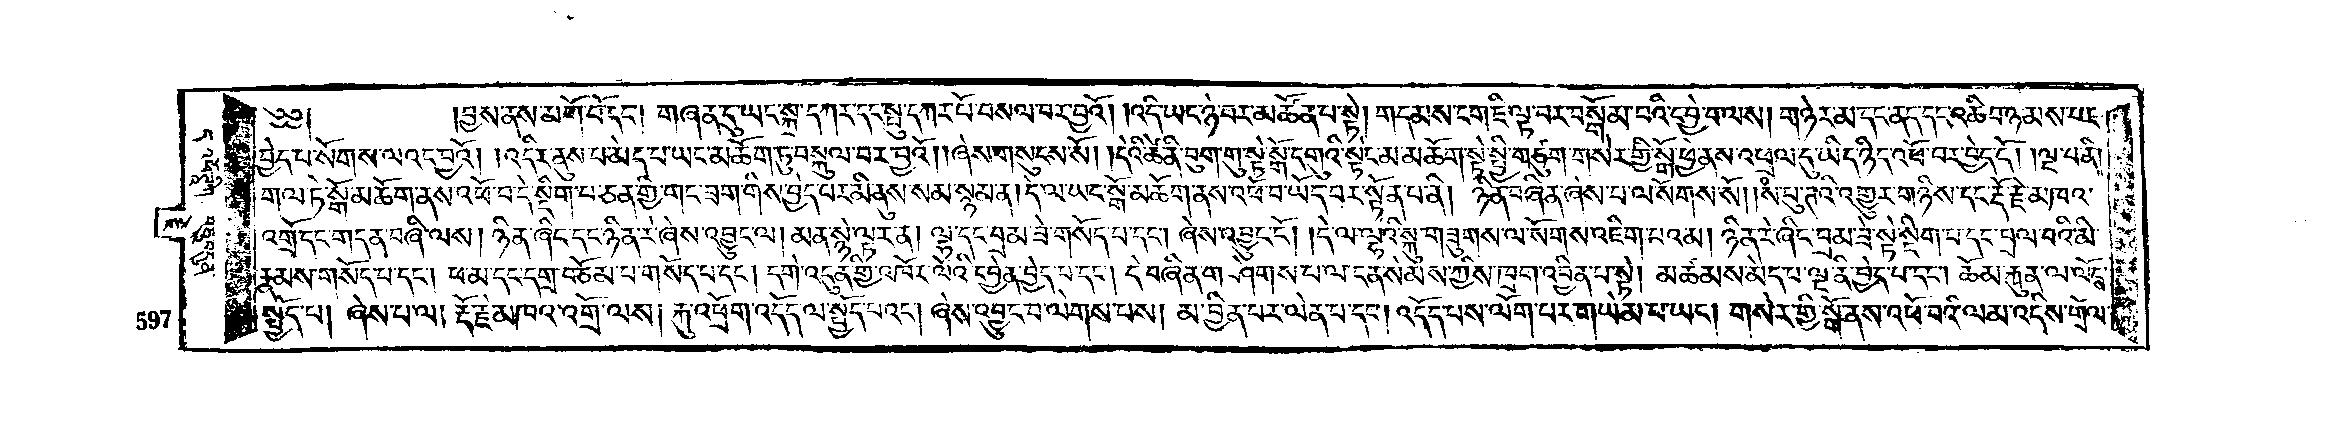༄༅། །བྱས་ནས་མགོ་བོ་དང་། གཞན་དུ་ཡང་སྐྲ་དཀར་དང་སྤུ་དཀར་པོ་བསལ་བར་བྱའོ། །འདི་ཡང་ཉེ་བར་མཚོན་པ་སྟེ། གདམས་ངག་ཇི་ལྟ་བར་བསྒོམ་པའི་དབྱེ་བ་ལས། གཉེར་མ་དང་ནད་དང་འཆི་བ་ཉམས་པར་
བྱེད་པ་སོགས་ལའང་བྱའོ། །འདིར་ནུས་པ་མེད་པ་ཡང་མཆོག་ཏུ་བསྐུལ་བར་བྱའོ། །ཞེས་གསུངས་སོ། །དེའི་ཚེ་ནི་བུག་གུ་སྟེ་སྒོ་དགུའི་སྟེང་མ་མཆོག་སྟེ་སྤྱི་གཙུག་གསེར་གྱི་སྒོ་ཕྱེ་ནས་འཕྲལ་དུ་ཡིད་ཉིད་འཕོ་བར་བྱེད་དོ། །ལྔ་པ་ནི།
གལ་ཏེ་སྒོ་མཆོག་ནས་འཕོ་བ་དེ་སྡིག་པ་ཅན་གྱི་གང་ཟག་གིས་བྱེད་པར་མི་ནུས་སམ་སྙམ་ན། དེ་ལ་ཡང་སྒོ་མཆོག་ནས་འཕོ་བ་ཡོད་པར་སྟོན་པ་ནི། ཉིན་བཞིན་ཞེས་པ་ལ་སོགས་སོ། །སཾ་པུ་ཊའི་འགྱུར་གཉིས་དང་རྡོ་རྗེ་མཁའ་
འགྲོ་དང་གདན་བཞི་ལས། ཉིན་ཞིང་དང་ཉིན་རེ་ཞེས་འབྱུང་ལ། མན་སྙེ་ལྟར་ན། ལྷ་དང་བྲམ་ཟེ་གསོད་པ་དང་། ཞེས་འབྱུང་ངོ། །དེ་ལ་ལྷའི་སྐུ་གཟུགས་ལ་སོགས་འཇིག་པའམ། ཉིན་རེ་ཞིང་བྲམ་ཟེ་སྟེ་སྡིག་པ་དང་བྲལ་བའི་མི་
རྣམས་གསོད་པ་དང་། ཕ་མ་དང་དགྲ་བཅོམ་པ་གསོད་པ་དང་། དགེ་འདུན་གྱི་འཁོར་ལོའི་དབྱེན་བྱེད་པ་དང་། དེ་བཞིན་གཤེགས་པ་ལ་ངན་སེམས་ཀྱིས་ཁྲག་འབྱིན་པ་སྟེ། མཚམས་མེད་པ་ལྔ་ནི་བྱེད་པ་དང་། ཆོམ་རྐུན་ལ་ལོངས་
སྤྱོད་པ། ཞེས་པ་ལ། རྡོ་རྗེ་མཁའ་འགྲོ་ལས། རྐུ་འཕྲོག་འདོད་ལ་སྤྱོད་པའང་། ཞེས་འབྱུང་བ་ལེགས་པས། མ་བྱིན་པར་ལེན་པ་དང་། འདོད་པས་ལོག་པར་གཡེམ་པ་ཡང་། གསེར་གྱི་སྒོ་ནས་འཕོ་བའི་ལམ་འདིས་གྲོལ་
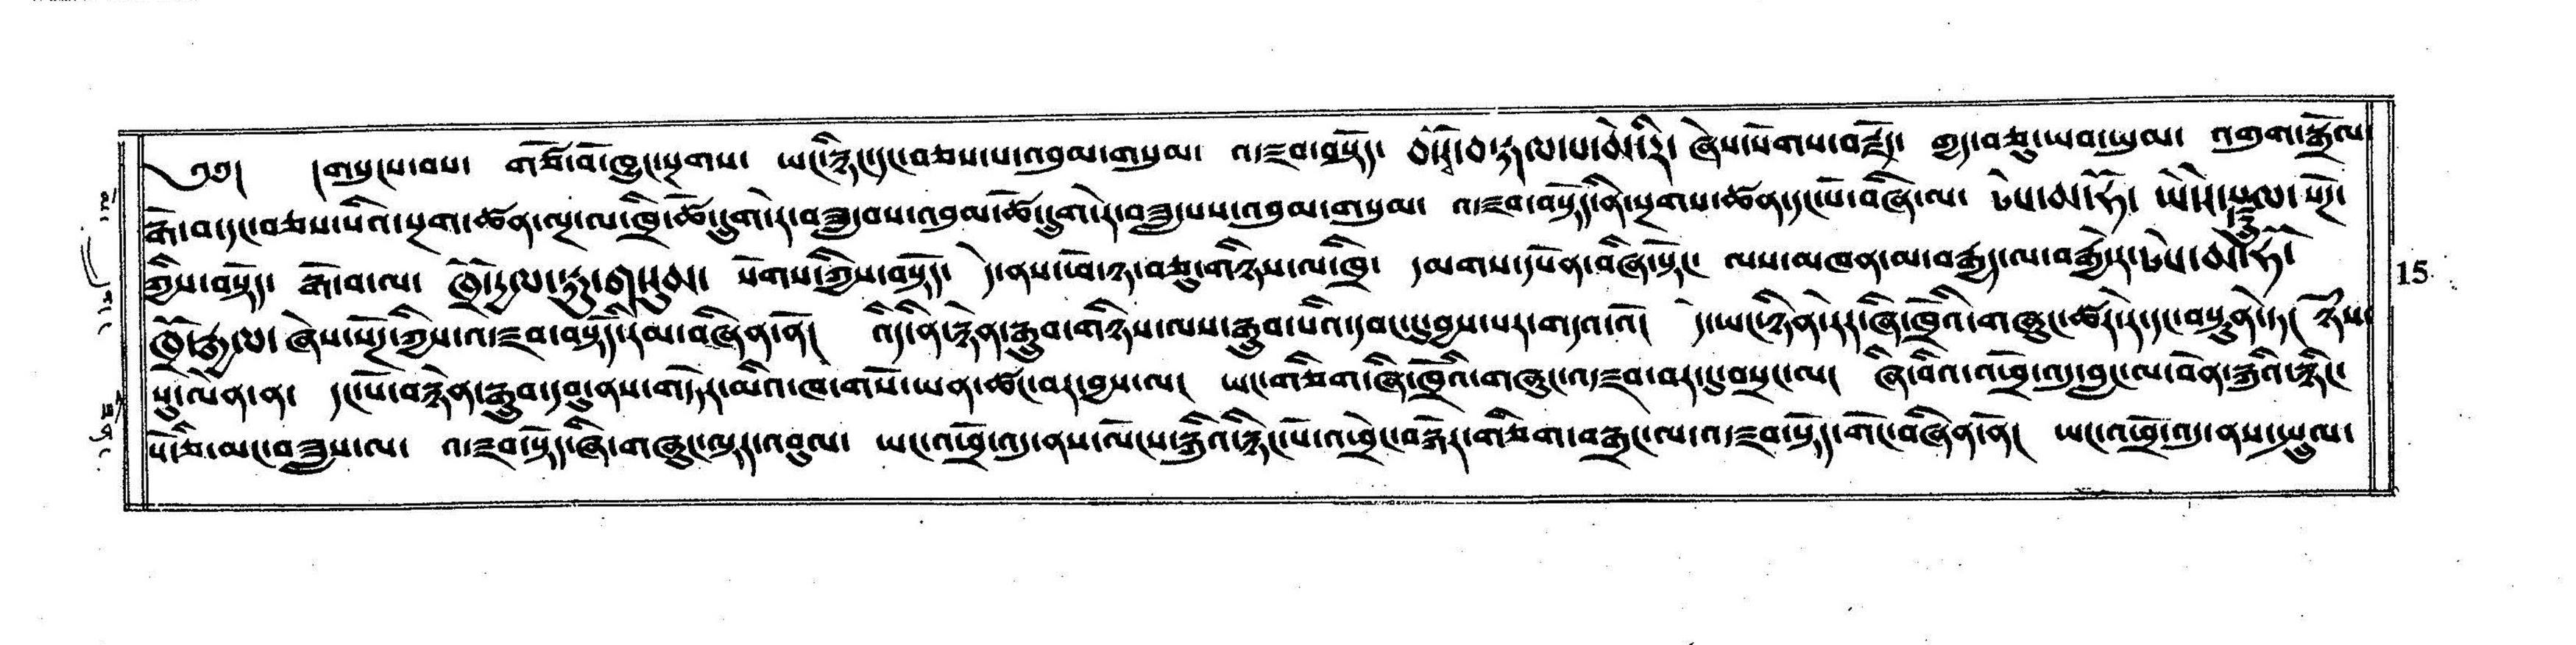གསུངས་བས། གཙོ་བོ་ཁྱུང་སྔགས། ཡང་སྙིང་དང་བཅས་པ་འབུམ་གསུམ། འཛབ་བསྟོད། བསྭོ་བསྐལ་པ་མེ་རི་ཞེས་སོགས་བརྗོད། གྱད་བཅུ་ཡབ་ཡུམ། འགུག་སྒྲོལ་
སྒོ་བ་དང་བཅས་པའི་སྔགས་ཚན་ལྔ་ལ་ཁྲི་ཚོ་དྲུག་རེ་བཟླ་བས་འབུམ་ཚོ་དྲུག་རེ་བཟླ་པས་འབུམ་གསུམ། འཛབ་བསྟོད་ནི་སྔགས་ཚན་དང་པོ་བཞི་ལ། ཨེ་མ་ཧོ། ཡེ་ཤེས་རྫུ་འཕྲུལ། སོགས་
ཀྱིས་བསྟོད། སྒོ་བ་ལ། ཁྲོ་རྒྱལ་སྐུ་གསུམ། སོགས་ཀྱིས་བསྟོད། དེ་ནས་ཕོ་ཉ་བཅུ་གཉིས་ལ་ཁྲི། དམག་དཔོན་བཞི་སྟོང་། ལས་མཁན་མ་བརྒྱད་ལ་བརྒྱ་རེ་ཨེ་མ་ཧོ་
ཁྲོ་རྒྱལ་ཞེས་སོགས་ཀྱིས་འཛབ་བསྟོད་རིམ་བཞིན་ནོ། འདི་ནི་བསྙེན་སྒྲུབ་གཉིས་ལས་སྒྲུབ་པའི་དབང་དུ་བྱས་པར་གདའ་འོ། དེ་ཡང་ཉིན་རེར་ཞི་ཁྲོའི་གཞུང་ཚར་རེ་དང་བསྟུན་ཏེ། ཉམས་
སུ་ལེན་ན། དང་པོ་བསྙེན་སྒྲུབ་དབུ་ནས་གཏོར་མའི་ཁ་གསོ་ཡན་ཚང་བར་བྱས་ལ། ཡང་གཅིག་ཞི་ཁྲོའི་གཞུང་འཛབ་བར་དུ་བསྲང་ལ། ཞི་བའི་འཕྲོ་འདུ་བླང་ལ་བོན་སྐུའི་སྙིང་
པོ་ཅི་མང་བཟླས་ལ་འཛབ་བསྟོད་ཞི་གཞུང་ལྟར་འབུལ་ཡང་འཕྲོ་འདུ་ནས་ལོངས་སྐུའི་སྙིང་པོ་འཕྲེང་བསྐོར་གཅིག་བསྒྲང་ལ་འཛབ་སྟོད་གོང་བཞིན་ནོ། ཡང་འཕྲོ་འདུ་ནས་སྤྲུལ་
========================
### BRIEF
Retype the records above exactly, leaving every picture out of your copy.

### OUTPUT FOR THIS EXERCISE
༄༅། །བྱས་ནས་མགོ་བོ་དང་། གཞན་དུ་ཡང་སྐྲ་དཀར་དང་སྤུ་དཀར་པོ་བསལ་བར་བྱའོ། །འདི་ཡང་ཉེ་བར་མཚོན་པ་སྟེ། གདམས་ངག་ཇི་ལྟ་བར་བསྒོམ་པའི་དབྱེ་བ་ལས། གཉེར་མ་དང་ནད་དང་འཆི་བ་ཉམས་པར་
བྱེད་པ་སོགས་ལའང་བྱའོ། །འདིར་ནུས་པ་མེད་པ་ཡང་མཆོག་ཏུ་བསྐུལ་བར་བྱའོ། །ཞེས་གསུངས་སོ། །དེའི་ཚེ་ནི་བུག་གུ་སྟེ་སྒོ་དགུའི་སྟེང་མ་མཆོག་སྟེ་སྤྱི་གཙུག་གསེར་གྱི་སྒོ་ཕྱེ་ནས་འཕྲལ་དུ་ཡིད་ཉིད་འཕོ་བར་བྱེད་དོ། །ལྔ་པ་ནི།
གལ་ཏེ་སྒོ་མཆོག་ནས་འཕོ་བ་དེ་སྡིག་པ་ཅན་གྱི་གང་ཟག་གིས་བྱེད་པར་མི་ནུས་སམ་སྙམ་ན། དེ་ལ་ཡང་སྒོ་མཆོག་ནས་འཕོ་བ་ཡོད་པར་སྟོན་པ་ནི། ཉིན་བཞིན་ཞེས་པ་ལ་སོགས་སོ། །སཾ་པུ་ཊའི་འགྱུར་གཉིས་དང་རྡོ་རྗེ་མཁའ་
འགྲོ་དང་གདན་བཞི་ལས། ཉིན་ཞིང་དང་ཉིན་རེ་ཞེས་འབྱུང་ལ། མན་སྙེ་ལྟར་ན། ལྷ་དང་བྲམ་ཟེ་གསོད་པ་དང་། ཞེས་འབྱུང་ངོ། །དེ་ལ་ལྷའི་སྐུ་གཟུགས་ལ་སོགས་འཇིག་པའམ། ཉིན་རེ་ཞིང་བྲམ་ཟེ་སྟེ་སྡིག་པ་དང་བྲལ་བའི་མི་
རྣམས་གསོད་པ་དང་། ཕ་མ་དང་དགྲ་བཅོམ་པ་གསོད་པ་དང་། དགེ་འདུན་གྱི་འཁོར་ལོའི་དབྱེན་བྱེད་པ་དང་། དེ་བཞིན་གཤེགས་པ་ལ་ངན་སེམས་ཀྱིས་ཁྲག་འབྱིན་པ་སྟེ། མཚམས་མེད་པ་ལྔ་ནི་བྱེད་པ་དང་། ཆོམ་རྐུན་ལ་ལོངས་
སྤྱོད་པ། ཞེས་པ་ལ། རྡོ་རྗེ་མཁའ་འགྲོ་ལས། རྐུ་འཕྲོག་འདོད་ལ་སྤྱོད་པའང་། ཞེས་འབྱུང་བ་ལེགས་པས། མ་བྱིན་པར་ལེན་པ་དང་། འདོད་པས་ལོག་པར་གཡེམ་པ་ཡང་། གསེར་གྱི་སྒོ་ནས་འཕོ་བའི་ལམ་འདིས་གྲོལ་
གསུངས་བས། གཙོ་བོ་ཁྱུང་སྔགས། ཡང་སྙིང་དང་བཅས་པ་འབུམ་གསུམ། འཛབ་བསྟོད། བསྭོ་བསྐལ་པ་མེ་རི་ཞེས་སོགས་བརྗོད། གྱད་བཅུ་ཡབ་ཡུམ། འགུག་སྒྲོལ་
སྒོ་བ་དང་བཅས་པའི་སྔགས་ཚན་ལྔ་ལ་ཁྲི་ཚོ་དྲུག་རེ་བཟླ་བས་འབུམ་ཚོ་དྲུག་རེ་བཟླ་པས་འབུམ་གསུམ། འཛབ་བསྟོད་ནི་སྔགས་ཚན་དང་པོ་བཞི་ལ། ཨེ་མ་ཧོ། ཡེ་ཤེས་རྫུ་འཕྲུལ། སོགས་
ཀྱིས་བསྟོད། སྒོ་བ་ལ། ཁྲོ་རྒྱལ་སྐུ་གསུམ། སོགས་ཀྱིས་བསྟོད། དེ་ནས་ཕོ་ཉ་བཅུ་གཉིས་ལ་ཁྲི། དམག་དཔོན་བཞི་སྟོང་། ལས་མཁན་མ་བརྒྱད་ལ་བརྒྱ་རེ་ཨེ་མ་ཧོ་
ཁྲོ་རྒྱལ་ཞེས་སོགས་ཀྱིས་འཛབ་བསྟོད་རིམ་བཞིན་ནོ། འདི་ནི་བསྙེན་སྒྲུབ་གཉིས་ལས་སྒྲུབ་པའི་དབང་དུ་བྱས་པར་གདའ་འོ། དེ་ཡང་ཉིན་རེར་ཞི་ཁྲོའི་གཞུང་ཚར་རེ་དང་བསྟུན་ཏེ། ཉམས་
སུ་ལེན་ན། དང་པོ་བསྙེན་སྒྲུབ་དབུ་ནས་གཏོར་མའི་ཁ་གསོ་ཡན་ཚང་བར་བྱས་ལ། ཡང་གཅིག་ཞི་ཁྲོའི་གཞུང་འཛབ་བར་དུ་བསྲང་ལ། ཞི་བའི་འཕྲོ་འདུ་བླང་ལ་བོན་སྐུའི་སྙིང་
པོ་ཅི་མང་བཟླས་ལ་འཛབ་བསྟོད་ཞི་གཞུང་ལྟར་འབུལ་ཡང་འཕྲོ་འདུ་ནས་ལོངས་སྐུའི་སྙིང་པོ་འཕྲེང་བསྐོར་གཅིག་བསྒྲང་ལ་འཛབ་སྟོད་གོང་བཞིན་ནོ། ཡང་འཕྲོ་འདུ་ནས་སྤྲུལ་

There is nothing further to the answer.